- [Assigned task]:
Nothing past the line containing "The text carries" belongs in the output. Copy exactly every line of the data below from the first up to and including it.

[Stored entries]
# # # # #

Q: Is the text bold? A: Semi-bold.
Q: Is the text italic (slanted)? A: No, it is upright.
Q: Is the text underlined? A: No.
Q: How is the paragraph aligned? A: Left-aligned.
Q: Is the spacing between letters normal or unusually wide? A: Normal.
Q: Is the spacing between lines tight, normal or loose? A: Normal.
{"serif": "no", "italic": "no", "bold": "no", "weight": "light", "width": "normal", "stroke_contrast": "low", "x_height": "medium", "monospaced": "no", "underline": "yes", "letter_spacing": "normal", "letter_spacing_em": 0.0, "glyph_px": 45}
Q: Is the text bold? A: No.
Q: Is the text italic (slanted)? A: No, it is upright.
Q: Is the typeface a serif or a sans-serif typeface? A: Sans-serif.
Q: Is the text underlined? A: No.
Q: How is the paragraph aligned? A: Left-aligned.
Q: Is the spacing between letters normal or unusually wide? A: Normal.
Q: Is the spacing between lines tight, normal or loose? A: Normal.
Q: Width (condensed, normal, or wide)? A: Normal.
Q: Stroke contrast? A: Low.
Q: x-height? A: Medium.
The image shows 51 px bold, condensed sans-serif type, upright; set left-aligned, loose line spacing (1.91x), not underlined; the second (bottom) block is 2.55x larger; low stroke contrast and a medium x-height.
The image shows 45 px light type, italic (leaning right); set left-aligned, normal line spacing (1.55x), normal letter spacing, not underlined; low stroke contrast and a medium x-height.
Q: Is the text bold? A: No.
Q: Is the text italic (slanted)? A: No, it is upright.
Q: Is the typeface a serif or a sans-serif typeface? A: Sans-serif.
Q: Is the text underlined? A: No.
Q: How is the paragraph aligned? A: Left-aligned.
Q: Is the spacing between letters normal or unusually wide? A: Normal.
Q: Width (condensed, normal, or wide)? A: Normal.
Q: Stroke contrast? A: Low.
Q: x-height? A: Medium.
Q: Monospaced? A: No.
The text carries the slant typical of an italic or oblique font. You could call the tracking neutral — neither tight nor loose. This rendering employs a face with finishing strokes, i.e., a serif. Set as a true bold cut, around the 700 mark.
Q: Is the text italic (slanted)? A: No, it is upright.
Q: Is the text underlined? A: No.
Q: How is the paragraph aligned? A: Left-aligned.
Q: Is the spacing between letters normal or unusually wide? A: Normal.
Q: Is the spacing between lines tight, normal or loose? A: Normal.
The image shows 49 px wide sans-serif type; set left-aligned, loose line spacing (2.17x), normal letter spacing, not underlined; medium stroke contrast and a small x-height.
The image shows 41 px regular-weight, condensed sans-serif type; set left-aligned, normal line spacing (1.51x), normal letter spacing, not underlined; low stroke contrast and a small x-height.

# # # # #

- [Output for this exercise]:
Q: Is the text bold? A: Semi-bold.
Q: Is the text italic (slanted)? A: No, it is upright.
Q: Is the text underlined? A: No.
Q: How is the paragraph aligned? A: Left-aligned.
Q: Is the spacing between letters normal or unusually wide? A: Normal.
Q: Is the spacing between lines tight, normal or loose? A: Normal.
{"serif": "no", "italic": "no", "bold": "no", "weight": "light", "width": "normal", "stroke_contrast": "low", "x_height": "medium", "monospaced": "no", "underline": "yes", "letter_spacing": "normal", "letter_spacing_em": 0.0, "glyph_px": 45}
Q: Is the text bold? A: No.
Q: Is the text italic (slanted)? A: No, it is upright.
Q: Is the typeface a serif or a sans-serif typeface? A: Sans-serif.
Q: Is the text underlined? A: No.
Q: How is the paragraph aligned? A: Left-aligned.
Q: Is the spacing between letters normal or unusually wide? A: Normal.
Q: Is the spacing between lines tight, normal or loose? A: Normal.
Q: Width (condensed, normal, or wide)? A: Normal.
Q: Stroke contrast? A: Low.
Q: x-height? A: Medium.
The image shows 51 px bold, condensed sans-serif type, upright; set left-aligned, loose line spacing (1.91x), not underlined; the second (bottom) block is 2.55x larger; low stroke contrast and a medium x-height.
The image shows 45 px light type, italic (leaning right); set left-aligned, normal line spacing (1.55x), normal letter spacing, not underlined; low stroke contrast and a medium x-height.
Q: Is the text bold? A: No.
Q: Is the text italic (slanted)? A: No, it is upright.
Q: Is the typeface a serif or a sans-serif typeface? A: Sans-serif.
Q: Is the text underlined? A: No.
Q: How is the paragraph aligned? A: Left-aligned.
Q: Is the spacing between letters normal or unusually wide? A: Normal.
Q: Width (condensed, normal, or wide)? A: Normal.
Q: Stroke contrast? A: Low.
Q: x-height? A: Medium.
Q: Monospaced? A: No.
The text carries the slant typical of an italic or oblique font. You could call the tracking neutral — neither tight nor loose. This rendering employs a face with finishing strokes, i.e., a serif. Set as a true bold cut, around the 700 mark.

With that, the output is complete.